§ Task details: Line by line, set down all the data below exactly, omitting any picture.
● ● ● ● ● ● ●
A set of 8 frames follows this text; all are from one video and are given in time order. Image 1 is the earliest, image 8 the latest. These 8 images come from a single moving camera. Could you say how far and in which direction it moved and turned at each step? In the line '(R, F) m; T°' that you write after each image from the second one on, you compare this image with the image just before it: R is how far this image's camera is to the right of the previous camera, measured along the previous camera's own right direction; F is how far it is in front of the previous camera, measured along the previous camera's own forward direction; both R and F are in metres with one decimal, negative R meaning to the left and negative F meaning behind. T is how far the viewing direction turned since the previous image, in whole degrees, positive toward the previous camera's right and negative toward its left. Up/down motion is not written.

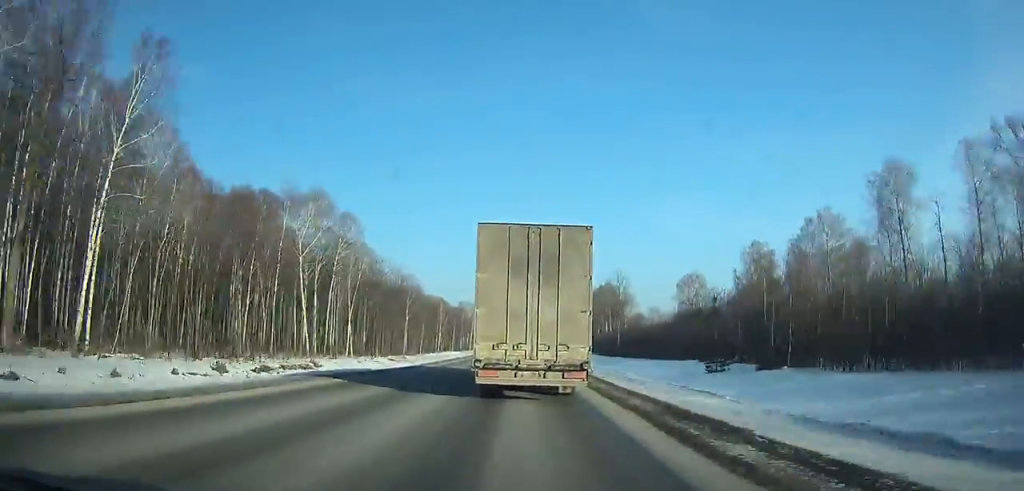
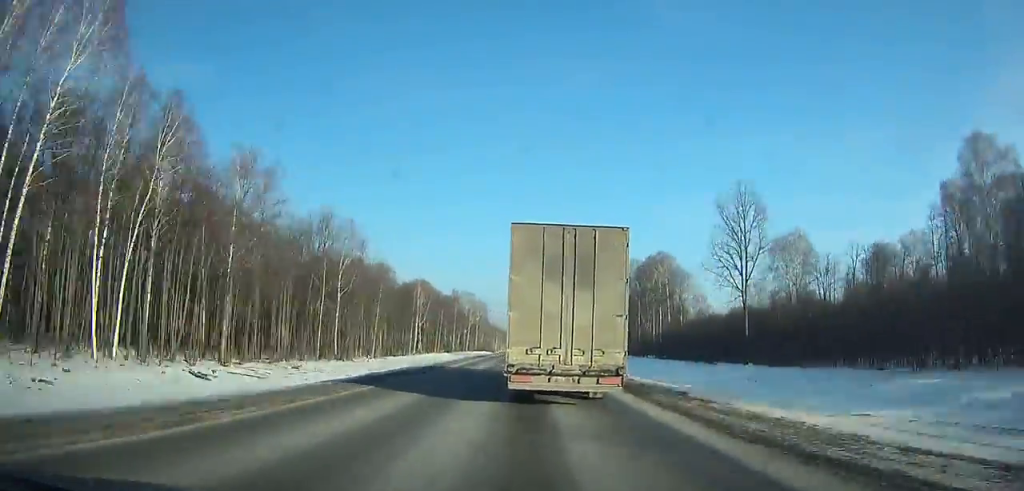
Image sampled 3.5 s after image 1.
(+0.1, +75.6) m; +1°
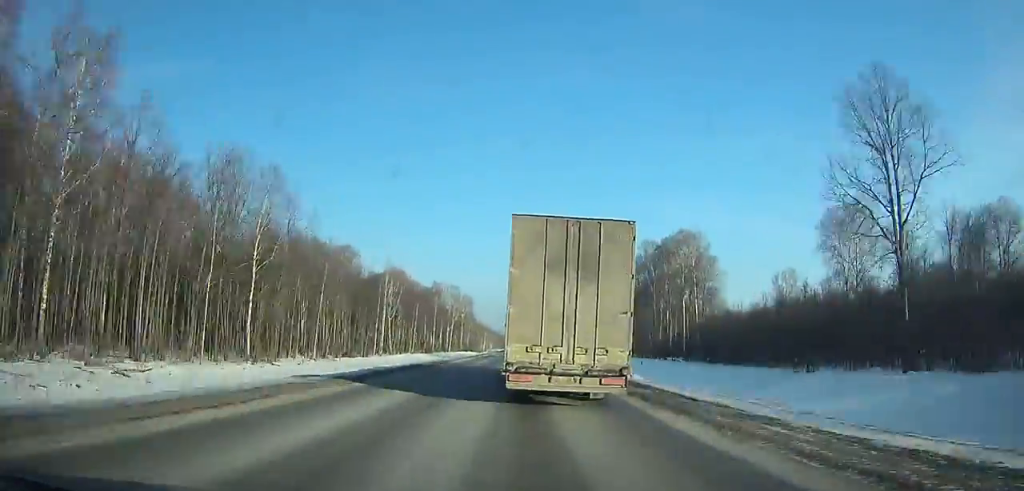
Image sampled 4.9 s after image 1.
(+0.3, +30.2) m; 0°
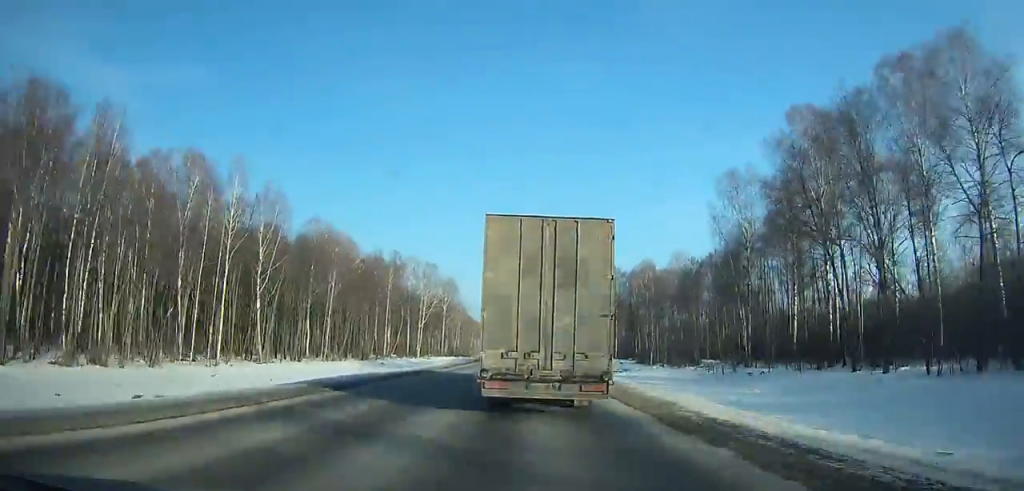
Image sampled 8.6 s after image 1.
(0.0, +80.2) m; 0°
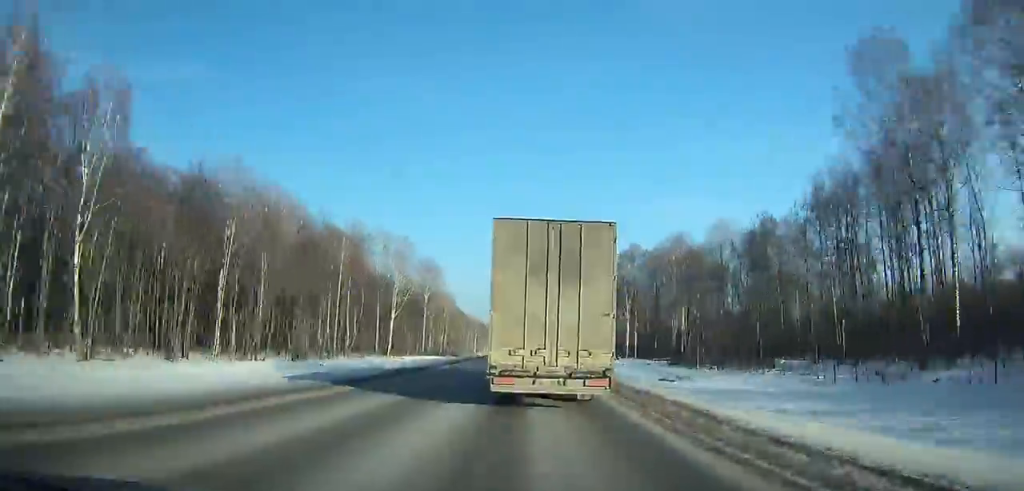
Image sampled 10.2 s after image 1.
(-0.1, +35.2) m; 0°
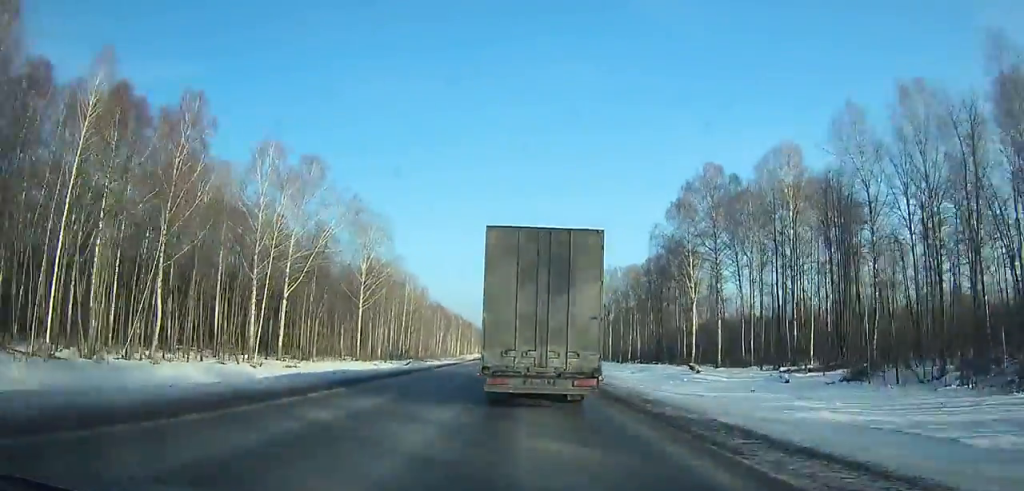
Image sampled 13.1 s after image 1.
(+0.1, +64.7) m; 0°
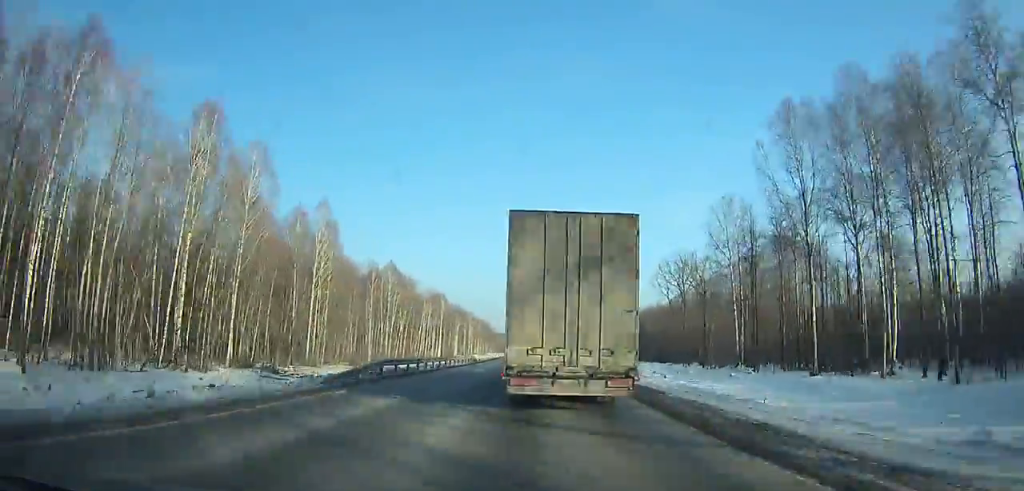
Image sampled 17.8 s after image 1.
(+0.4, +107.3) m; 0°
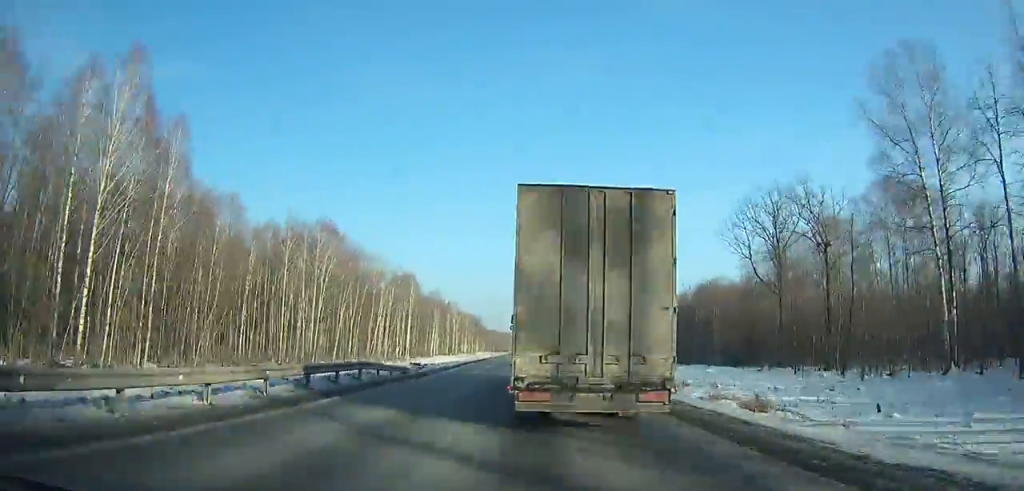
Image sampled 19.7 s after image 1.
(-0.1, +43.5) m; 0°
● ● ● ● ● ● ●
§ Task response:
A set of 8 frames follows this text; all are from one video and are given in time order. Image 1 is the earliest, image 8 the latest. These 8 images come from a single moving camera. Could you say how far and in which direction it moved and turned at each step? In the line '(R, F) m; T°' that you write after each image from the second one on, you compare this image with the image just before it: R is how far this image's camera is to the right of the previous camera, measured along the previous camera's own right direction; F is how far it is in front of the previous camera, measured along the previous camera's own forward direction; both R and F are in metres with one decimal, negative R meaning to the left and negative F meaning behind. T is how far the viewing direction turned since the previous image, in whole degrees, positive toward the previous camera's right and negative toward its left. Up/down motion is not written.

Image sampled 3.5 s after image 1.
(+0.1, +75.6) m; +1°
Image sampled 4.9 s after image 1.
(+0.3, +30.2) m; 0°
Image sampled 8.6 s after image 1.
(0.0, +80.2) m; 0°
Image sampled 10.2 s after image 1.
(-0.1, +35.2) m; 0°
Image sampled 13.1 s after image 1.
(+0.1, +64.7) m; 0°
Image sampled 17.8 s after image 1.
(+0.4, +107.3) m; 0°
Image sampled 19.7 s after image 1.
(-0.1, +43.5) m; 0°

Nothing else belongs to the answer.